## WORK REQUEST
Go through the listing below and repeat it exactly, dropping the pictures.

## DATA BLOCK
------------------------
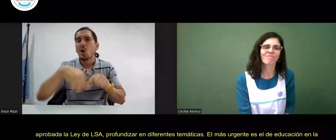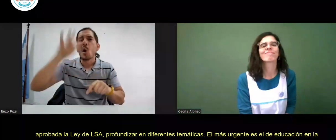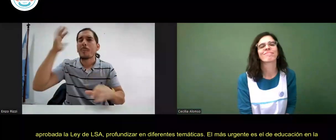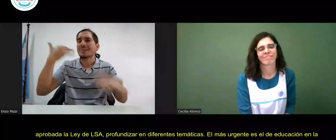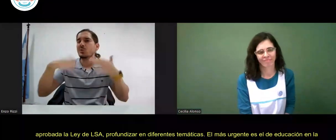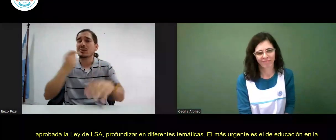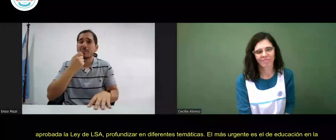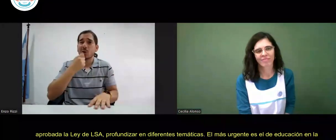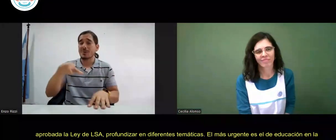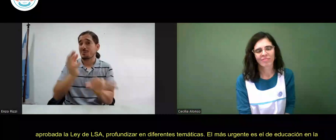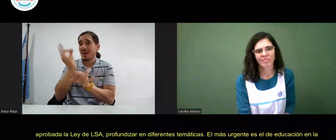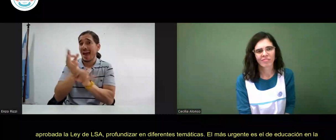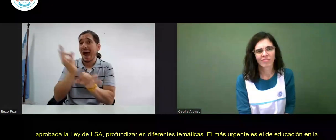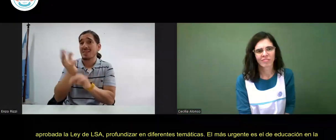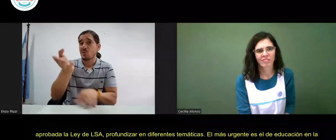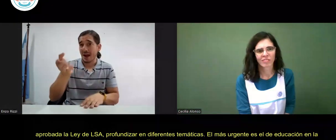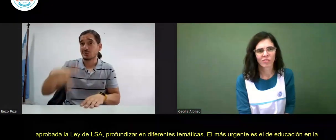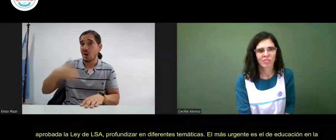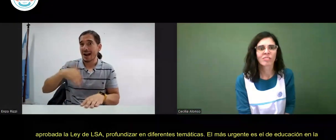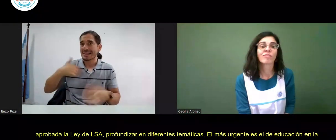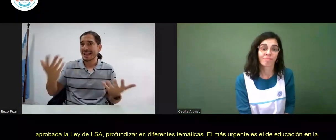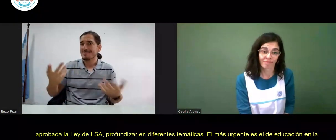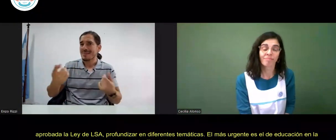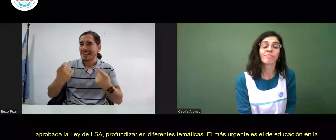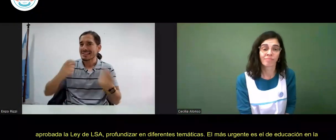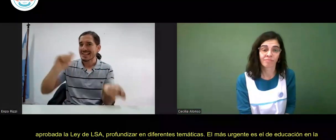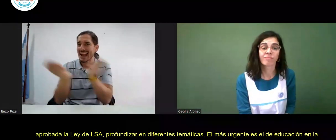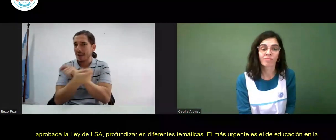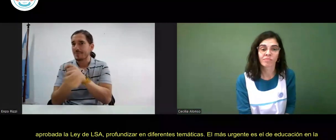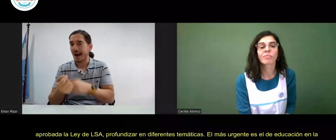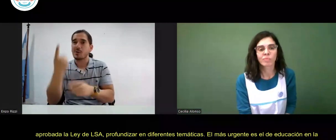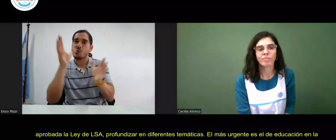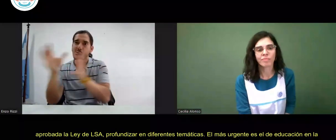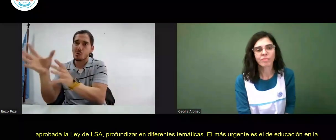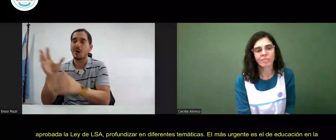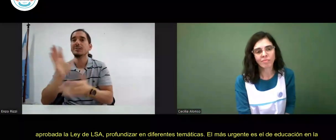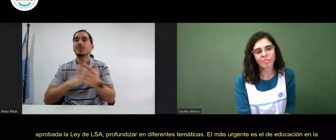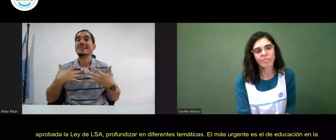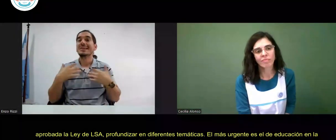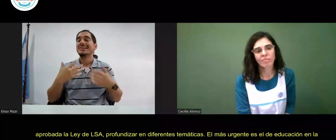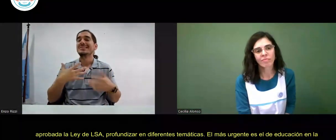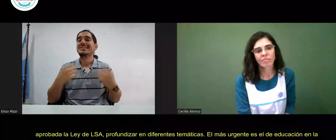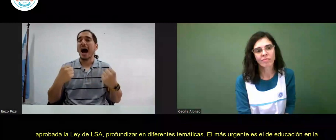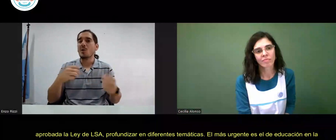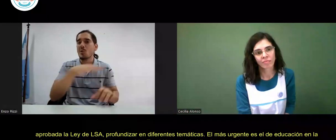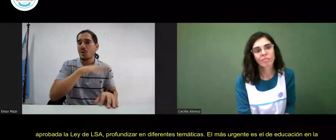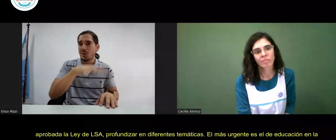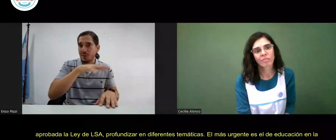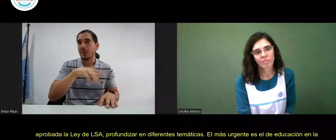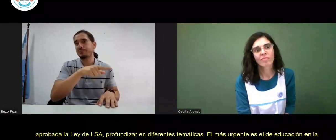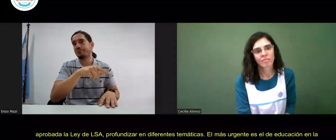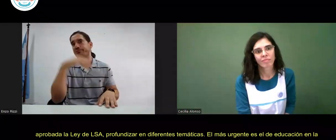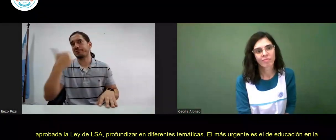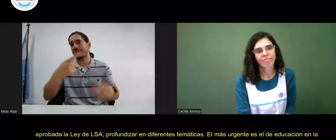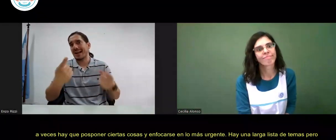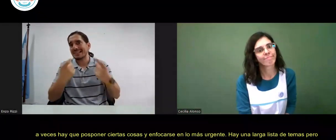El más urgente es el de educación. En la Argentina tiene que haber un cambio. También, en el ámbito de la salud, siempre hay
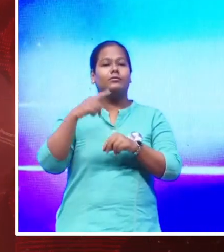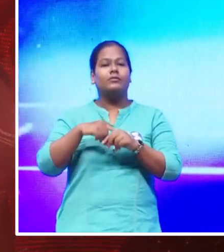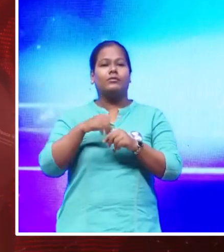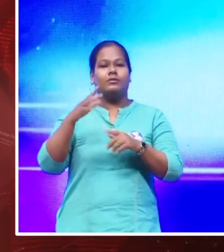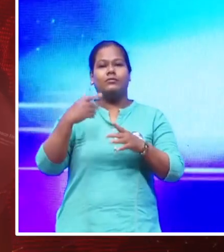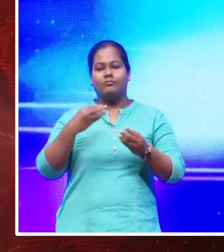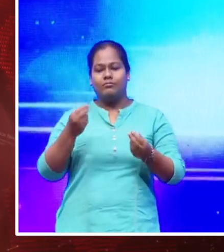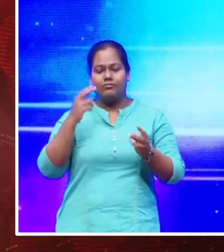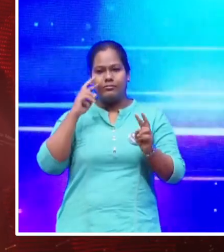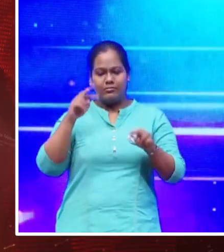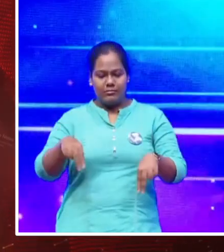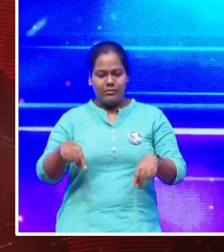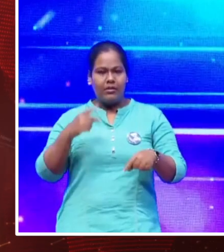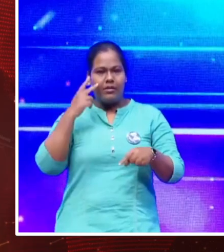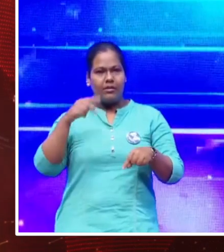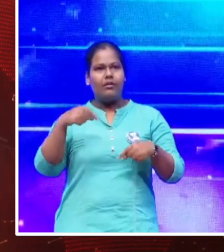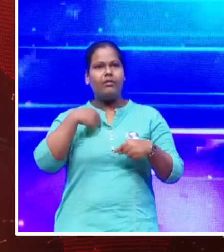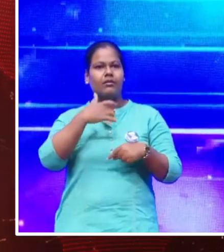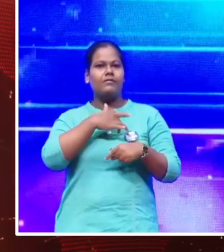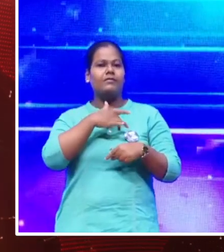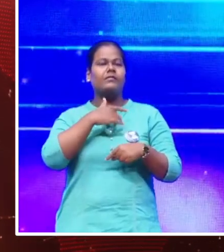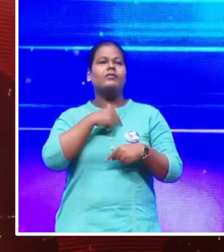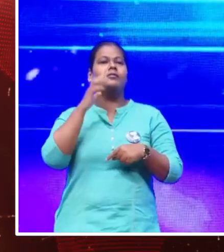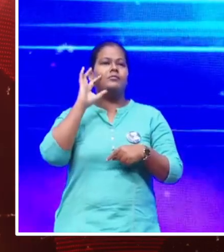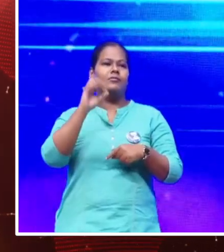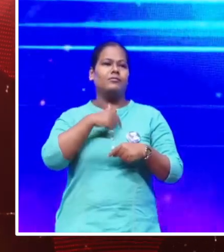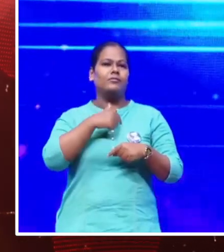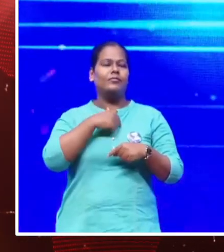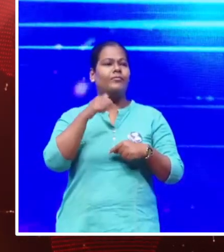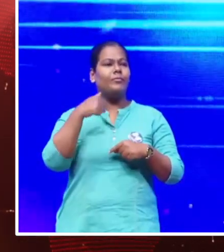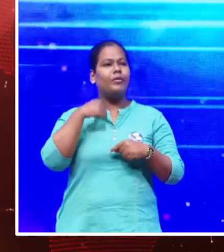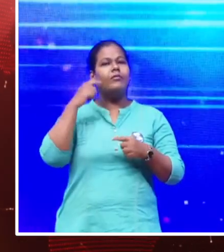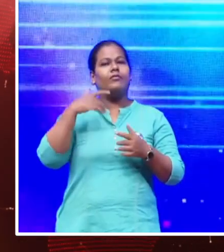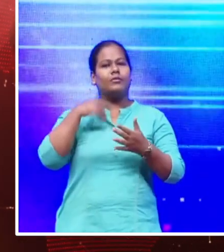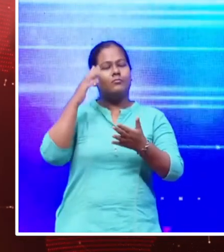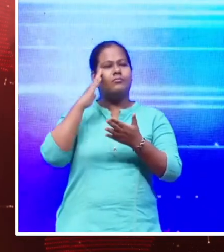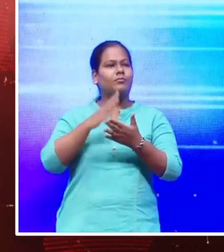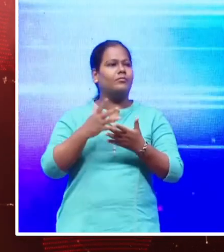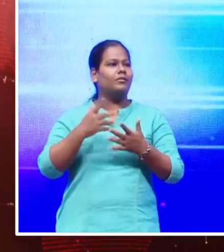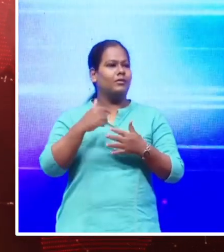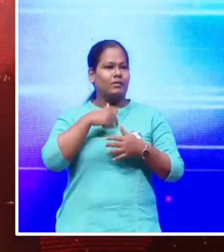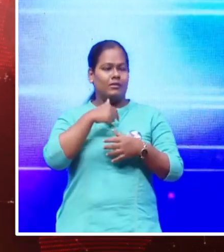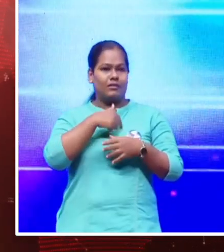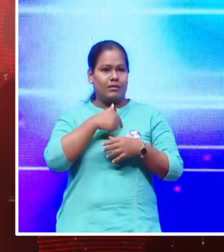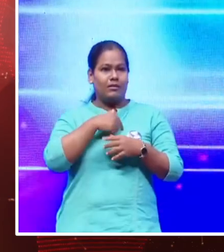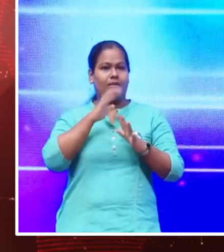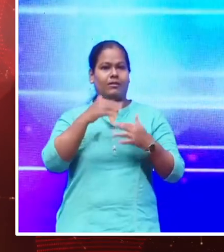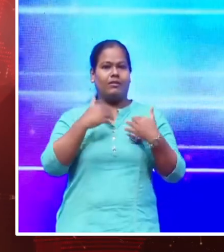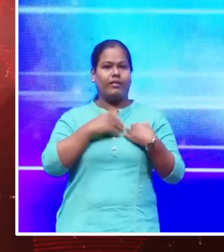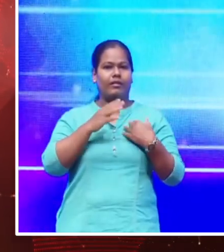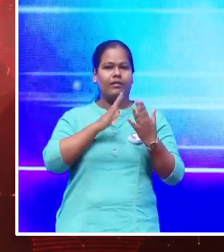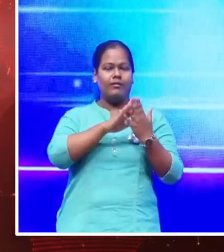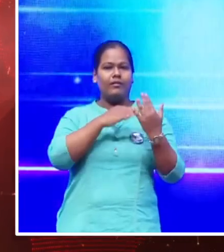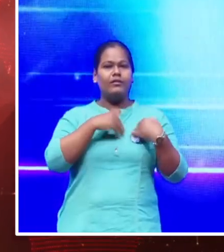जमीन से नीचे की बाते सोचने के लिए मजबूर हो जाता है लेकिन मैं यकीन के साथ कहता हूँ कि दिल भले यहां लेट में हो
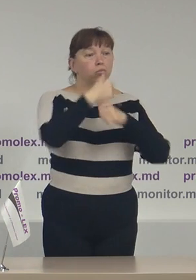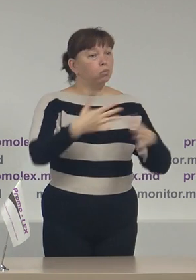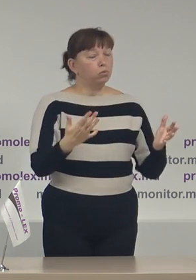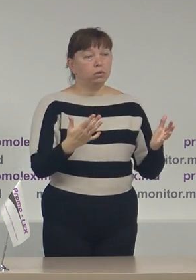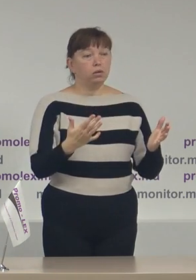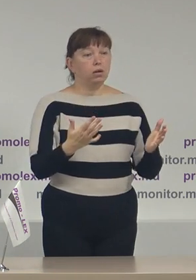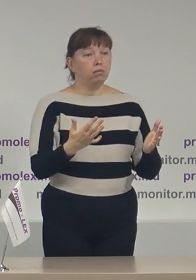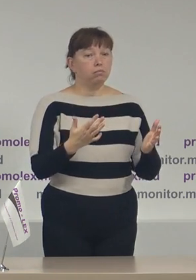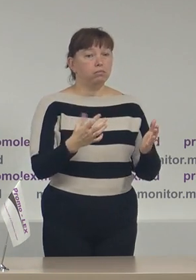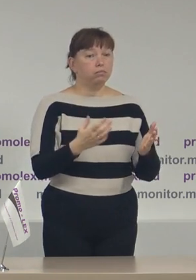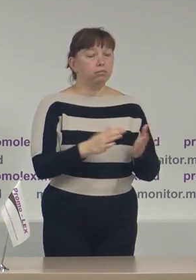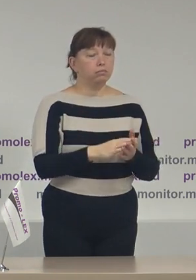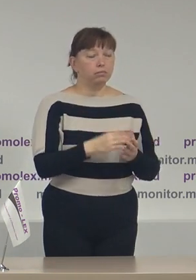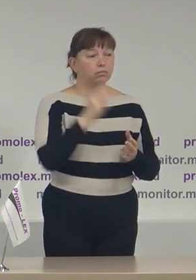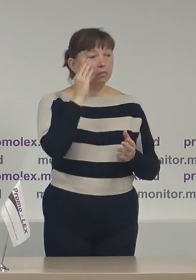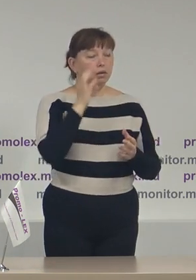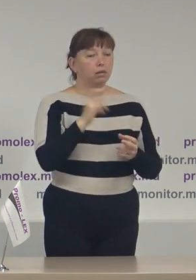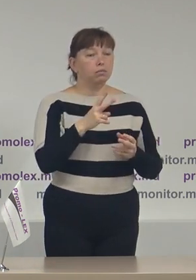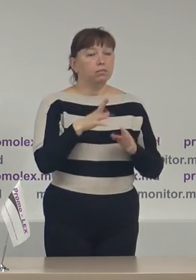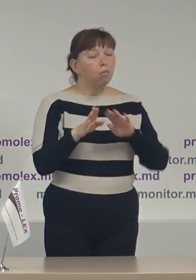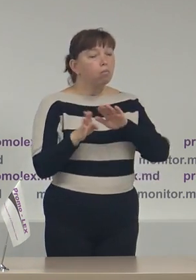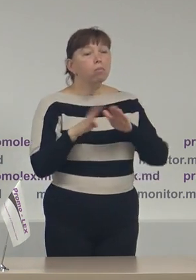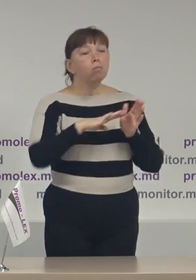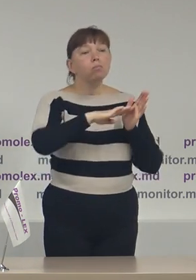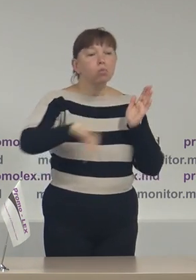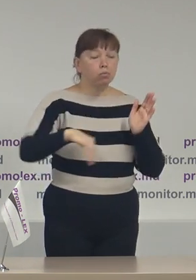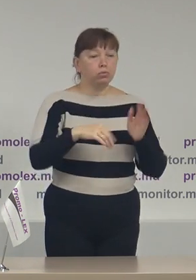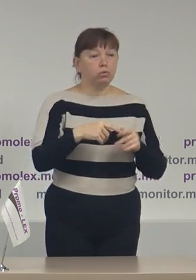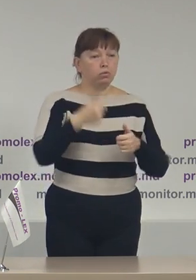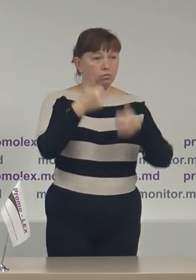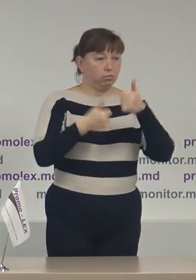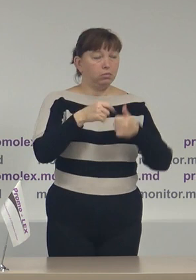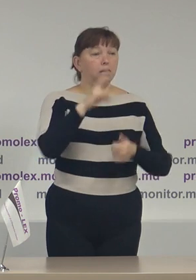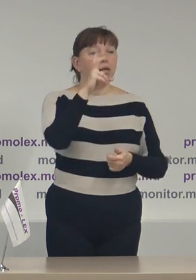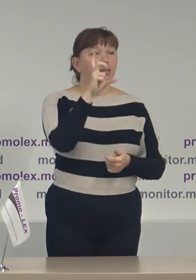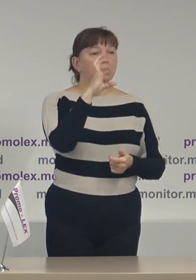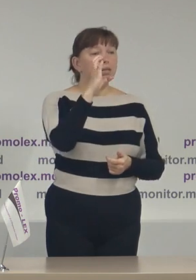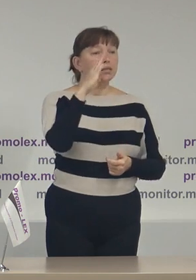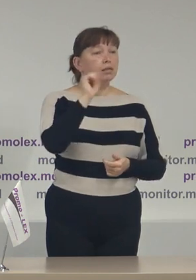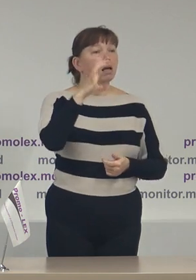trecem cu vederea pe unui concurent electoral, domnul Năstasă,
------------------------
## ANSWER SECTION
El más urgente es el de educación. En la Argentina tiene que haber un cambio. También, en el ámbito de la salud, siempre hay
जमीन से नीचे की बाते सोचने के लिए मजबूर हो जाता है लेकिन मैं यकीन के साथ कहता हूँ कि दिल भले यहां लेट में हो
trecem cu vederea pe unui concurent electoral, domnul Năstasă,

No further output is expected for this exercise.